Detecting the hazmat presence and estimating the likely harm without intervention are hazmat incident size-up.

Benner also introduced the General Hazardous Material Behavior Model (GEBMO) that uses a flow chart to apply a hazard/risk analysis to the event. The question in this size-up is, How bad will it get if we do not intervene? It’s still a viable question, but 50 years later, a larger population will be more greatly affected.

Based on the D and E (size-up) items of DECIDE, choosing the response objectives will be based on the hazard/risk analysis. Are there savable people or property? What is our strategy?

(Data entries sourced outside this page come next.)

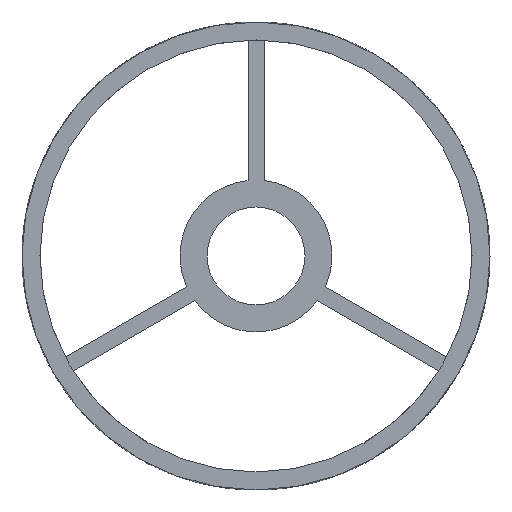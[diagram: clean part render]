
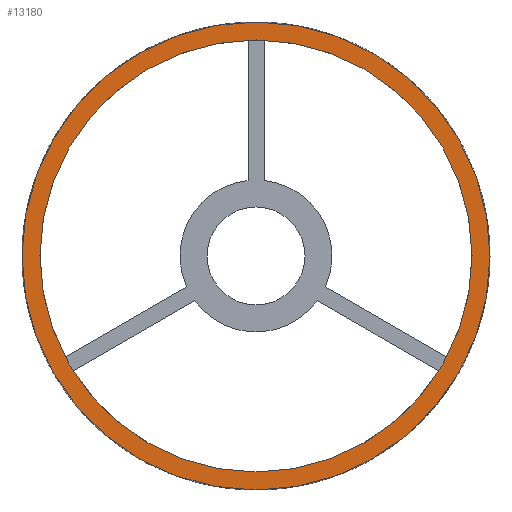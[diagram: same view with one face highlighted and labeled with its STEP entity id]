
A CAD part, front view. The second image highlights one B-rep face of the part: STEP entity #13180.
In plain terms, the highlighted planar face has unit normal (0, -1, 0).
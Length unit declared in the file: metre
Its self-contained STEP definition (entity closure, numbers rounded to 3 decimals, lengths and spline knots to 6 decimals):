
#1057=CIRCLE('',#14021,0.074295);
#1636=CIRCLE('',#15176,0.06858);
#6431=ORIENTED_EDGE('',*,*,#7508,.T.);
#6432=ORIENTED_EDGE('',*,*,#8547,.F.);
#7508=EDGE_CURVE('',#9494,#9494,#1057,.T.);
#8547=EDGE_CURVE('',#9955,#9955,#1636,.T.);
#9494=VERTEX_POINT('',#22011);
#9955=VERTEX_POINT('',#24777);
#11636=EDGE_LOOP('',(#6431));
#11637=EDGE_LOOP('',(#6432));
#12350=FACE_BOUND('',#11636,.T.);
#12351=FACE_BOUND('',#11637,.T.);
#12475=PLANE('',#15294);
#13180=ADVANCED_FACE('',(#12350,#12351),#12475,.T.);
#14021=AXIS2_PLACEMENT_3D('',#22010,#17204,#17205);
#15176=AXIS2_PLACEMENT_3D('',#24776,#19744,#19745);
#15294=AXIS2_PLACEMENT_3D('',#24896,#19980,#19981);
#17204=DIRECTION('',(0.,-1.,0.));
#17205=DIRECTION('',(0.,0.,-1.));
#19744=DIRECTION('',(0.,-1.,0.));
#19745=DIRECTION('',(0.,0.,-1.));
#19980=DIRECTION('',(0.,-1.,0.));
#19981=DIRECTION('',(1.,0.,0.));
#22010=CARTESIAN_POINT('',(0.,-0.010795,0.));
#22011=CARTESIAN_POINT('',(0.,-0.010795,-0.074295));
#24776=CARTESIAN_POINT('',(0.,-0.010795,0.));
#24777=CARTESIAN_POINT('',(0.,-0.010795,-0.06858));
#24896=CARTESIAN_POINT('',(0.,-0.010795,0.));

Once you have determined the strategy (response objective), you must identify action options and do the best one. What actions can I take to achieve the strategy? This decision will be based on but not limited to resources, training, time, and cost.

Finally, evaluate progress. Is it working? Has the event stopped or been reduced in size? It may just be manageable to recover for the responsible party.

APIE

The APIE model is the structure and layout of NFPA 470. It stands for the following: Analyze the incident, Plan the response, Implement the planned response, and Evaluate progress.

NFPA 470: Risk-Based Response Definition

“Risk-Based Response is a systematic process, based on the facts, science and circumstance of the incident, by which responders analyze a problem involving hazardous materials/WMD to access hazards and consequences, develop an IAP, and evaluate the effectiveness.”

Analyzing the incident is the size-up to assess the incident’s hazards and consequences. Based on the information gathered and your assessment, you will then plan the response. Planning the response covers developing the incident objectives, the strategy, and the tactics to be accomplished. The plan will again have to weigh the benefits against the resources, training, time, and cost. Implementing the planned response is the task level of the event—for example, technicians engaging in offensive operations to plug or cap a container leak or the operations-level responder constructing a dike.

Finally, evaluate the progress—i.e., are we accomplishing our incident objectives? If the strategies and tactics are not working, the model goes back to analyzing for adjustment.

APIE is a very basic system that requires the IC to have extensive knowledge of the event or know where to get the expertise. NFPA 470 uses the APIE model for the hazmat professional competencies and job performance requirements. Based on the level of training, you would know your limitations and how to acquire a higher level of expertise.

GEDAPER

The GEDAPER process is part of the National Fire Academy’s hazmat curriculum. Originally developed by Dave Lesak, a long-time instructor and hazmat responder, GEDAPER stands for the following: Gather information, Estimate the potential course and harm, Determine strategic goals, Assess the tactical options and resources, Plan and implement the actions decided on, Evaluate the action plan, Review the strategic goals.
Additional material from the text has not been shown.